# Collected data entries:

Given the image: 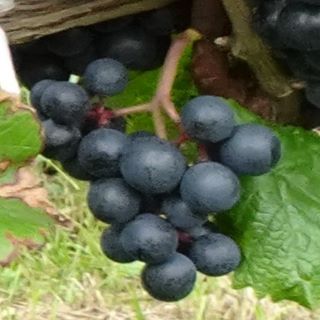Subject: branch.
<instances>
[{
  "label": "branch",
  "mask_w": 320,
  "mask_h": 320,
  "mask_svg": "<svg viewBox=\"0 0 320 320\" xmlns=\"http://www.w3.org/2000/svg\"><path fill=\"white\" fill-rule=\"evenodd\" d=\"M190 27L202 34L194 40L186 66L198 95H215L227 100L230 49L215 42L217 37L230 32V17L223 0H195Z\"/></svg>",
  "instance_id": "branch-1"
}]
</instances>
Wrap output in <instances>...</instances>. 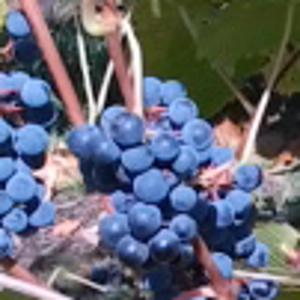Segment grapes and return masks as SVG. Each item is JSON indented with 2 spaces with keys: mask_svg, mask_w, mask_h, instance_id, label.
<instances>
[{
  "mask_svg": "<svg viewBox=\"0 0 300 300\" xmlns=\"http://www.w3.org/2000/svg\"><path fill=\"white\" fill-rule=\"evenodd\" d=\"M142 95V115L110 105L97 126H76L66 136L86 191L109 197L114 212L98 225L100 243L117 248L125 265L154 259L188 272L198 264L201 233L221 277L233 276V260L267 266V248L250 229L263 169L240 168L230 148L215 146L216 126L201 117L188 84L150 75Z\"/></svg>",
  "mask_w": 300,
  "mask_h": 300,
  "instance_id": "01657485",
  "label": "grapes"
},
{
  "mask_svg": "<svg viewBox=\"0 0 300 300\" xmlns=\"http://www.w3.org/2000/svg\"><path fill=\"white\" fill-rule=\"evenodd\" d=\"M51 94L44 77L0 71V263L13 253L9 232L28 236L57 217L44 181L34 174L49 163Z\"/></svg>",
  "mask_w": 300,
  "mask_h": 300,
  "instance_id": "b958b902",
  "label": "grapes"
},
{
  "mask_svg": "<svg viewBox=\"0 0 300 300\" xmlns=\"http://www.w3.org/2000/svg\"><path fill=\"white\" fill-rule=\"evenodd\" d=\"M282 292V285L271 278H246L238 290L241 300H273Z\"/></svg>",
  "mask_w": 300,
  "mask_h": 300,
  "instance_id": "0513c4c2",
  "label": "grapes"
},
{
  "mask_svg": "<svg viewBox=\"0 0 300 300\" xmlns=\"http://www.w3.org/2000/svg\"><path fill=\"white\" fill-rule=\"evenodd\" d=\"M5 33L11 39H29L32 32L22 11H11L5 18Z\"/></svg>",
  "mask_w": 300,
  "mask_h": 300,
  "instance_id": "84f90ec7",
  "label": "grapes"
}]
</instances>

# TO DO:
If a line in the records contains the string "white", copy it out.

# TASK OUTPUT:
  "mask_svg": "<svg viewBox=\"0 0 320 320\" xmlns=\"http://www.w3.org/2000/svg\"><path fill=\"white\" fill-rule=\"evenodd\" d=\"M190 27L202 34L194 40L186 66L198 95H215L227 100L230 49L215 42L217 37L230 32V17L223 0H195Z\"/></svg>",
  "mask_svg": "<svg viewBox=\"0 0 300 300\" xmlns=\"http://www.w3.org/2000/svg\"><path fill=\"white\" fill-rule=\"evenodd\" d=\"M142 95V115L110 105L97 126H76L66 136L86 191L109 197L114 212L98 225L100 243L117 248L125 265L154 259L188 272L198 264L201 233L221 277L233 276V260L267 266V248L250 229L263 169L240 168L230 148L215 146L216 126L201 117L188 84L150 75Z\"/></svg>",
  "mask_svg": "<svg viewBox=\"0 0 300 300\" xmlns=\"http://www.w3.org/2000/svg\"><path fill=\"white\" fill-rule=\"evenodd\" d=\"M51 94L44 77L0 71V263L13 253L9 232L28 236L57 217L44 181L34 174L49 163Z\"/></svg>",
  "mask_svg": "<svg viewBox=\"0 0 300 300\" xmlns=\"http://www.w3.org/2000/svg\"><path fill=\"white\" fill-rule=\"evenodd\" d=\"M282 292V285L271 278H246L238 290L241 300H273Z\"/></svg>",
  "mask_svg": "<svg viewBox=\"0 0 300 300\" xmlns=\"http://www.w3.org/2000/svg\"><path fill=\"white\" fill-rule=\"evenodd\" d=\"M5 33L11 39H29L32 32L22 11H11L5 18Z\"/></svg>",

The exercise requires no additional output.